21
Feb
2008

How ethical is it to give money to people on the streets?

My whole life I've been asked for money by people on the streets. It has never ceased to upset me.

It's a very effective -and unnecessary- reminder of my country's reality. Not only does it make me sad, but it also puts me in a very uncomfortable position: weather I'm walking around or driving in my car, there's something sort of abusive about someone tapping on my shoulder or knocking on my car's window demanding for something I'm supposed to have and obliged to give. Beggars, weather they're young or old, male or female, always have this look; this look: not precisely a sad one, more like a blaming one. While it always makes me feel responsible somehow, it still delivers a clear message of full resignation.

I try to have coins near by, I always carry candy (for children) and in the mornings I usually have one or two extra bananas. But---is that better than nothing? when can it ever be enough?

Money- how much is enough? how much is too little?
Food- is that polite?
Candy- how can a piece of candy help children that should be in school but instead are forced to collect a certain amount of money by the end of the day?

There's this blind woman and her son (I suppose) that come to my window every single morning, and it is really getting me down. I feel so responsible I sometimes try to avoid the street where they usually are, just so that I don't have to be in that so very unfair position. Unfair for both parties, I guess. Whose fault is it? Should they stop asking, should I stop giving, should this go on, is this natural?

Beggars have existed ever since history can tell. That doesn't make it right.
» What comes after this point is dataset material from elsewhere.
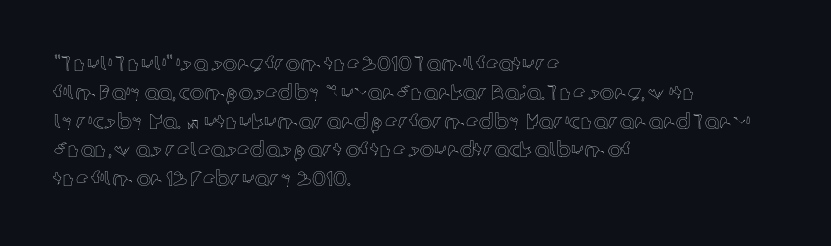
The compositor pushed each line to the left boundary. The strip under each line holds only bare page. When letters stand straight like this, we call the style roman or upright. Letter spacing: default. In terms of leading, this rendering sits right in the middle.

It certainly doesn't help me know how to act.

I feel so trapped in this very depressing human reality, frustateddddddddddddddd
timanfaya - 26. Feb, 08:33

every few days on my way to work i see woman with her little dauhther. she walks very slow and unbalanced. out of my car it looks as if she has the same desease like stephen hawking. i'm not a doctor, but its's obvious that she will die soon. every time i "meet" her, i have the same feeling as in front of a beggar. powerlessness ...

one of my bitterst realizations of life. whatever i 'll reach: i will not save this world . not even bill gates is in the position to do that. allthough he gives more from his money than any other. and, as you rightly notice: it's hard to accept.
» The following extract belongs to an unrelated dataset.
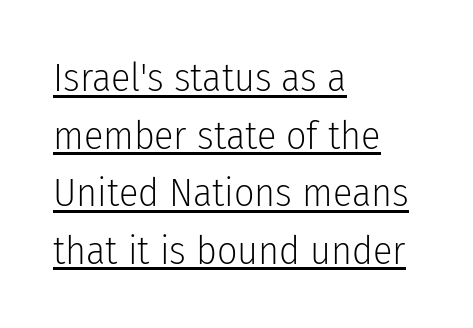
The image shows 40 px light, condensed sans-serif type, upright; set left-aligned, normal line spacing (1.44x), normal letter spacing, underlined; low stroke contrast and a medium x-height.
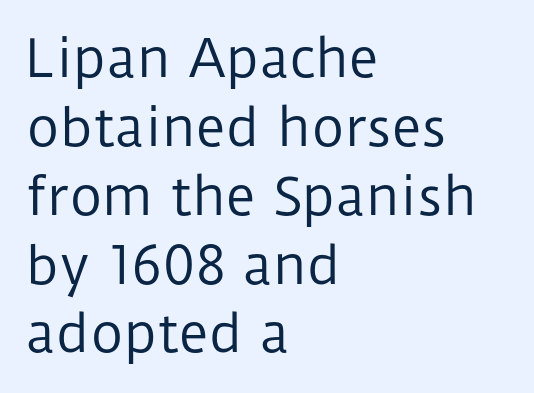
The image shows 51 px regular-weight sans-serif type, upright; set left-aligned, normal line spacing (1.35x), normal letter spacing, not underlined; low stroke contrast and a medium x-height.

p.s.: maybe that's the reason, why mankind waits for something. for someone. in the german "newsweek" (it's called "der spiegel") some weeks ago the headline was "the messias factor". it was an article about the obama phenomenon. it's very abstract, but entangled with this thoughts around beggars - and the way out of feeling helpless.

rocio - 29. Feb, 09:41

timanfaya: your comment has been in my head for the last couple of days. you're very much right! i'm stilll having a hard time accepting my powerlessness, and the fact that the world, as you said, can't be saved, not by me or you or anyone. i mean- i do think that things could be better, just not perfect for everyone. i guess there's no ying without yang, ha?